Female hormonal exposures and risk of rheumatoid arthritis in the French E3N-EPIC cohort study.

Rheumatology (Oxford) 2021 Feb 6. Epub 2021 Feb 6.

Rheumatology Department, Assistance Publique-Hôpitaux de Paris (AP-HP), AP-HP. Université Paris-Saclay-Hôpital Bicêtre, France, Paris.

Objective: To assess the relationships between female hormonal exposures and risk of rheumatoid arthritis (RA), in a prospective cohort of French women.

Methods: E3N is an on-going French prospective cohort that included 98 995 women aged 40-65 years in 1990. Every 2-3 years, women completed mailed questionnaires on their lifestyles, reproductive factors, and health conditions. Cox proportional-hazards regression models were used to determine factors associated with risk of incident RA, with age as the time scale, adjusted for known risk factors of RA, and considering endogenous and exogenous hormonal factors. Hazard ratios (HRs) and 95% confidence intervals (CIs) were estimated. Effect modification by smoking history was investigated.

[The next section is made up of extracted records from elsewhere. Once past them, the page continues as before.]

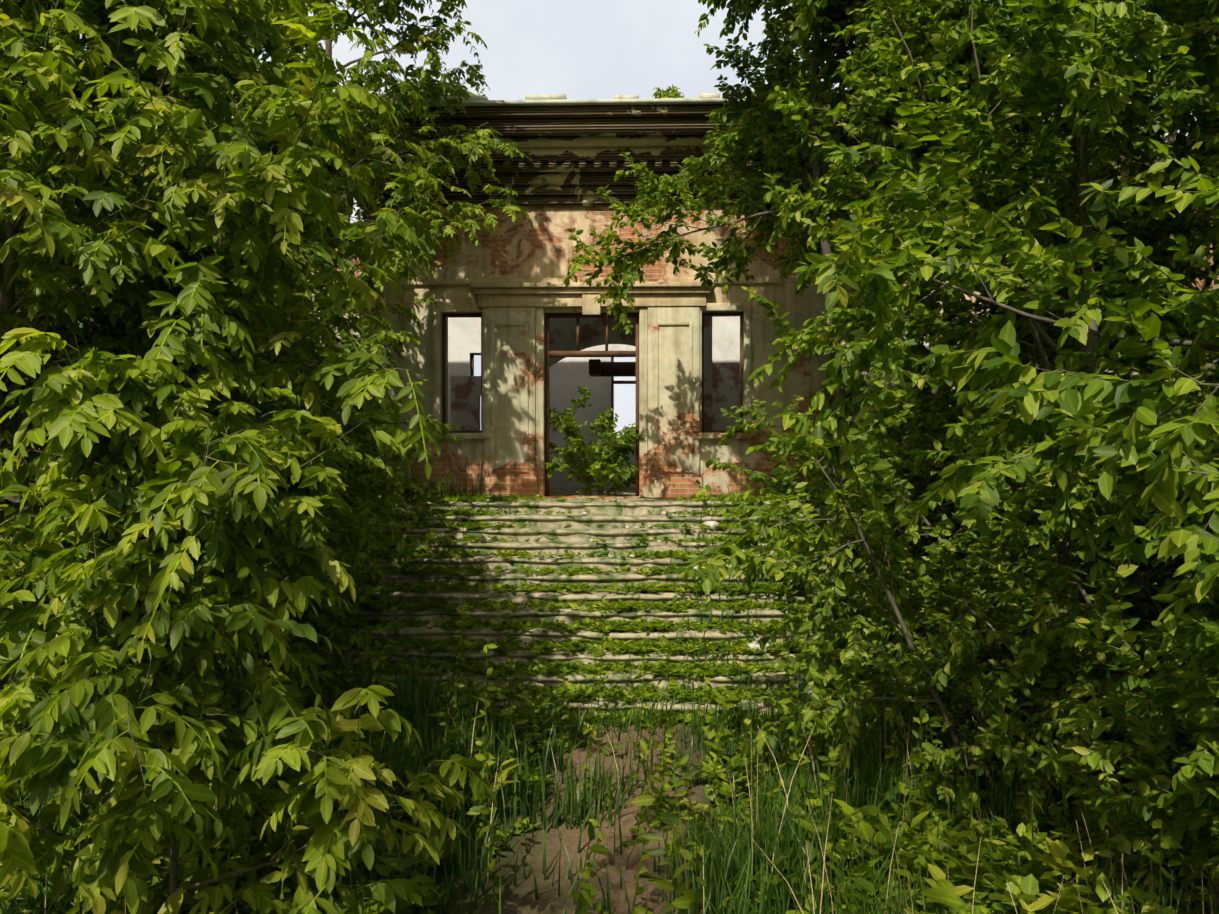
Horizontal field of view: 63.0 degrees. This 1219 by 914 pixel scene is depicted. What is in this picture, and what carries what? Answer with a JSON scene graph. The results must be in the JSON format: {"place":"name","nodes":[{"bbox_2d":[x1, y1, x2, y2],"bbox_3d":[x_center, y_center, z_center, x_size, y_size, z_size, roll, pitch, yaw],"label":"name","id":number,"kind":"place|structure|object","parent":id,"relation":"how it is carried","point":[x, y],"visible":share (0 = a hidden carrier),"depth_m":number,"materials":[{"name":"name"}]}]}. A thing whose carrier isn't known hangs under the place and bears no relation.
{"place":"outdoors","nodes":[
{"label":"outdoors","id":0,"kind":"place"},
{"bbox_2d":[283,469,844,714],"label":"ivy","id":1,"kind":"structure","parent":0,"point":[479,489],"depth_m":10.19,"materials":[{"name":"green plant"}]},
{"bbox_2d":[12,609,1136,913],"bbox_3d":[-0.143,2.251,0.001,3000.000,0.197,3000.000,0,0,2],"label":"ground","id":2,"kind":"structure","parent":0,"point":[520,899],"depth_m":5.73,"materials":[{"name":"soil"}]},
{"bbox_2d":[11,30,262,504],"bbox_3d":[-6.392,-2.753,12.056,6.117,10.302,6.727,0,0,2],"label":"tree","id":3,"kind":"object","parent":2,"relation":"on","point":[22,284],"depth_m":11.66,"materials":[{"name":"green plant"}]},
{"bbox_2d":[0,5,350,571],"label":"tree","id":4,"kind":"object","parent":2,"relation":"on","point":[203,161],"depth_m":7.36,"materials":[{"name":"green plant"}]},
{"bbox_2d":[0,0,440,708],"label":"tree","id":5,"kind":"object","parent":2,"relation":"on","point":[242,236],"visible":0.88,"depth_m":5.01,"materials":[{"name":"green plant"}]},
{"bbox_2d":[0,284,456,804],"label":"bush","id":6,"kind":"object","parent":2,"relation":"on","point":[366,567],"visible":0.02,"depth_m":7.07,"materials":[{"name":"green plant"}]},
{"bbox_2d":[24,274,463,684],"bbox_3d":[-3.740,0.350,9.273,4.626,4.513,4.096,0,0,2],"label":"bush","id":7,"kind":"object","parent":2,"relation":"on","point":[355,472],"visible":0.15,"depth_m":9.52,"materials":[{"name":"green plant"}]},
{"bbox_2d":[0,327,496,913],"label":"bush","id":8,"kind":"object","parent":2,"relation":"on","point":[136,613],"visible":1,"depth_m":3.83,"materials":[{"name":"green plant"}]},
{"bbox_2d":[0,0,532,454],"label":"tree","id":9,"kind":"object","parent":2,"relation":"on","point":[363,110],"visible":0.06,"depth_m":11.18,"materials":[{"name":"green plant"}]},
{"bbox_2d":[219,340,435,608],"bbox_3d":[-4.418,0.247,12.357,4.229,4.336,5.309,0,0,2],"label":"bush","id":10,"kind":"object","parent":2,"relation":"on","point":[353,490],"visible":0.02,"depth_m":12.43,"materials":[{"name":"green plant"}]},
{"bbox_2d":[155,0,532,517],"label":"tree","id":11,"kind":"object","parent":2,"relation":"on","point":[483,144],"visible":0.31,"depth_m":12.15,"materials":[{"name":"green plant"}]},
{"bbox_2d":[281,500,836,716],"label":"stairs","id":12,"kind":"structure","parent":2,"relation":"on","point":[584,530],"depth_m":10.41,"materials":[{"name":"stone"}]},
{"bbox_2d":[277,493,888,727],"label":"step weeds","id":13,"kind":"object","parent":12,"relation":"on","point":[582,692],"depth_m":9.87,"materials":[{"name":"green plant"}]},
{"bbox_2d":[348,492,858,696],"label":"rubble stones","id":14,"kind":"object","parent":12,"relation":"on","point":[752,645],"visible":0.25,"depth_m":11.21,"materials":[{"name":"stone"}]},
{"bbox_2d":[5,487,1210,625],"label":"floor","id":15,"kind":"structure","parent":2,"relation":"on","point":[562,491],"depth_m":15.65,"materials":[{"name":"stone"}]},
{"bbox_2d":[546,386,643,495],"bbox_3d":[-0.109,-0.152,14.743,1.831,1.759,1.829,0,0,2],"label":"bush","id":16,"kind":"object","parent":15,"relation":"on","point":[609,455],"visible":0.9,"depth_m":14.44,"materials":[{"name":"green plant"}]},
{"bbox_2d":[4,234,1218,493],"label":"wing walls","id":17,"kind":"structure","parent":15,"relation":"on","point":[850,290],"depth_m":15.80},
{"bbox_2d":[324,104,846,211],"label":"bay cornice","id":18,"kind":"structure","parent":17,"relation":"on","point":[572,152],"depth_m":13.83,"materials":[{"name":"beige stone"}]},
{"bbox_2d":[421,78,484,99],"bbox_3d":[-2.221,-4.959,13.903,0.994,0.700,0.646,0,0,-39],"label":"roof bush","id":19,"kind":"object","parent":18,"relation":"on","point":[469,93],"visible":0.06,"depth_m":13.84,"materials":[{"name":"green plant"}]},
{"bbox_2d":[388,93,764,106],"bbox_3d":[-0.358,-5.087,14.762,8.630,0.645,2.700,0,0,2],"label":"roof edge","id":20,"kind":"object","parent":18,"relation":"on","point":[562,99],"visible":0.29,"depth_m":13.43,"materials":[{"name":"beige concrete"}]},
{"bbox_2d":[652,84,683,98],"bbox_3d":[0.842,-4.913,13.791,0.559,0.548,0.700,0,0,34],"label":"roof bush","id":21,"kind":"object","parent":18,"relation":"on","point":[662,93],"visible":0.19,"depth_m":13.79,"materials":[{"name":"green plant"}]},
{"bbox_2d":[361,277,824,497],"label":"facade trim","id":22,"kind":"structure","parent":17,"relation":"attached to","point":[512,311],"depth_m":14.22,"materials":[{"name":"paint"}]},
{"bbox_2d":[443,312,742,495],"bbox_3d":[-0.251,-0.758,14.489,4.356,2.658,0.140,0,0,2],"label":"door and window frames","id":23,"kind":"structure","parent":17,"relation":"attached to","point":[578,353],"depth_m":14.44,"materials":[{"name":"brown wood"}]},
{"bbox_2d":[153,138,1217,226],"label":"cornice wings","id":24,"kind":"object","parent":17,"relation":"on","point":[1125,174],"depth_m":15.23},
{"bbox_2d":[549,317,711,429],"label":"arch wall","id":25,"kind":"structure","parent":15,"relation":"on","point":[562,334],"depth_m":17.21,"materials":[{"name":"paint"}]},
{"bbox_2d":[589,359,635,376],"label":"beam","id":26,"kind":"structure","parent":25,"relation":"attached to","point":[598,368],"depth_m":18.10,"materials":[{"name":"brown wood"}]},
{"bbox_2d":[318,315,1214,487],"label":"back wall","id":27,"kind":"structure","parent":15,"relation":"on","point":[568,376],"depth_m":19.32,"materials":[{"name":"paint"}]},
{"bbox_2d":[471,353,635,432],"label":"frame back windows","id":28,"kind":"structure","parent":27,"relation":"attached to","point":[613,382],"depth_m":19.40,"materials":[{"name":"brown wood"}]},
{"bbox_2d":[0,520,1216,913],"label":"ground weeds","id":29,"kind":"object","parent":2,"relation":"on","point":[966,892],"depth_m":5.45,"materials":[{"name":"green plant"}]},
{"bbox_2d":[0,461,1218,913],"bbox_3d":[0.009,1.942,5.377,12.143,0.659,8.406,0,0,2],"label":"grass","id":30,"kind":"structure","parent":2,"relation":"on","point":[730,866],"depth_m":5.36,"materials":[{"name":"green plant"}]},
{"bbox_2d":[1,590,1218,913],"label":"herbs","id":31,"kind":"object","parent":2,"relation":"on","point":[585,898],"visible":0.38,"depth_m":5.48,"materials":[{"name":"green plant"}]},
{"bbox_2d":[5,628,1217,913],"bbox_3d":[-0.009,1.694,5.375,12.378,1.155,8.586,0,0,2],"label":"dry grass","id":32,"kind":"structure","parent":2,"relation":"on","point":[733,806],"depth_m":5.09,"materials":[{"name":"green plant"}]},
{"bbox_2d":[562,0,1031,652],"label":"tree","id":33,"kind":"object","parent":2,"relation":"on","point":[828,16],"visible":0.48,"depth_m":11.05,"materials":[{"name":"green plant"}]},
{"bbox_2d":[718,331,1062,683],"bbox_3d":[3.013,0.523,10.022,3.313,3.962,3.989,0,0,-35],"label":"bush","id":34,"kind":"object","parent":2,"relation":"on","point":[926,417],"visible":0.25,"depth_m":9.44,"materials":[{"name":"green plant"}]},
{"bbox_2d":[673,329,1218,830],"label":"bush","id":35,"kind":"object","parent":2,"relation":"on","point":[969,599],"visible":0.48,"depth_m":6.35,"materials":[{"name":"green plant"}]},
{"bbox_2d":[677,6,1218,595],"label":"tree","id":36,"kind":"object","parent":2,"relation":"on","point":[717,162],"visible":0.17,"depth_m":10.49,"materials":[{"name":"green plant"}]},
{"bbox_2d":[741,0,1218,679],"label":"tree","id":37,"kind":"object","parent":2,"relation":"on","point":[1099,98],"visible":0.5,"depth_m":6.64,"materials":[{"name":"green plant"}]},
{"bbox_2d":[763,0,1218,607],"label":"tree","id":38,"kind":"object","parent":2,"relation":"on","point":[1159,238],"visible":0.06,"depth_m":8.88,"materials":[{"name":"green plant"}]},
{"bbox_2d":[772,0,1218,635],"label":"tree","id":39,"kind":"object","parent":2,"relation":"on","point":[1048,402],"visible":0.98,"depth_m":4.03,"materials":[{"name":"green plant"}]},
{"bbox_2d":[842,18,1218,587],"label":"tree","id":40,"kind":"object","parent":2,"relation":"on","point":[1172,137],"depth_m":12.84,"materials":[{"name":"green plant"}]},
{"bbox_2d":[923,234,1218,870],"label":"bush","id":41,"kind":"object","parent":2,"relation":"on","point":[1176,722],"visible":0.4,"depth_m":5.66,"materials":[{"name":"green plant"}]},
{"bbox_2d":[939,329,1218,728],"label":"bush","id":42,"kind":"object","parent":2,"relation":"on","point":[1209,390],"visible":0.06,"depth_m":7.13,"materials":[{"name":"green plant"}]},
{"bbox_2d":[1052,556,1218,913],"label":"bush","id":43,"kind":"object","parent":2,"relation":"on","point":[1155,794],"visible":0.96,"depth_m":4.31,"materials":[{"name":"green plant"}]},
{"bbox_2d":[1137,36,1211,215],"bbox_3d":[8.703,-4.057,9.411,7.881,12.926,7.560,0,0,38],"label":"tree","id":44,"kind":"object","parent":2,"relation":"on","point":[1181,139],"visible":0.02,"depth_m":8.06,"materials":[{"name":"green plant"}]},
{"bbox_2d":[364,205,816,497],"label":"facade wall","id":45,"kind":"structure","parent":0,"point":[545,248],"depth_m":14.32,"materials":[{"name":"beige paint"}]},
{"bbox_2d":[451,363,739,430],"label":"partition walls","id":46,"kind":"structure","parent":0,"point":[465,401],"depth_m":18.34,"materials":[{"name":"paint"}]},
{"bbox_2d":[80,0,1196,436],"label":"sky","id":47,"kind":"structure","parent":0,"point":[577,49],"materials":[{"name":"white"}]}
]}

Results: A total of 698 incident cases of RA were ascertained among 78 452 women. In multivariable-adjusted Cox regression models, risk of RA was increased with early age at first pregnancy (<22 vs ≥27 years; HR = 1.34; 95%CI 1.0-1.7) and menopause (≤45 vs ≥53 years; HR = 1.40; 95%CI 1.0-1.9). For early menopause, the association was of similar magnitude in ever and never smokers, although the association was statistically significant only in ever smokers (HR = 1.54; 95%CI 1.0-2.3). We found a decreased risk in nulliparous women never exposed to smoking (HR = 0.44; 95%CI 0.2-0.8). Risk of RA was inversely associated with exposure to progestogen only in perimenopause (>24 vs 0 months; multi-adjusted HR = 0.77; 95%CI 0.6-0.9).

Conclusions: These results suggest an effect of both endogenous and exogenous hormonal exposures on RA risk and phenotype that deserves further investigation.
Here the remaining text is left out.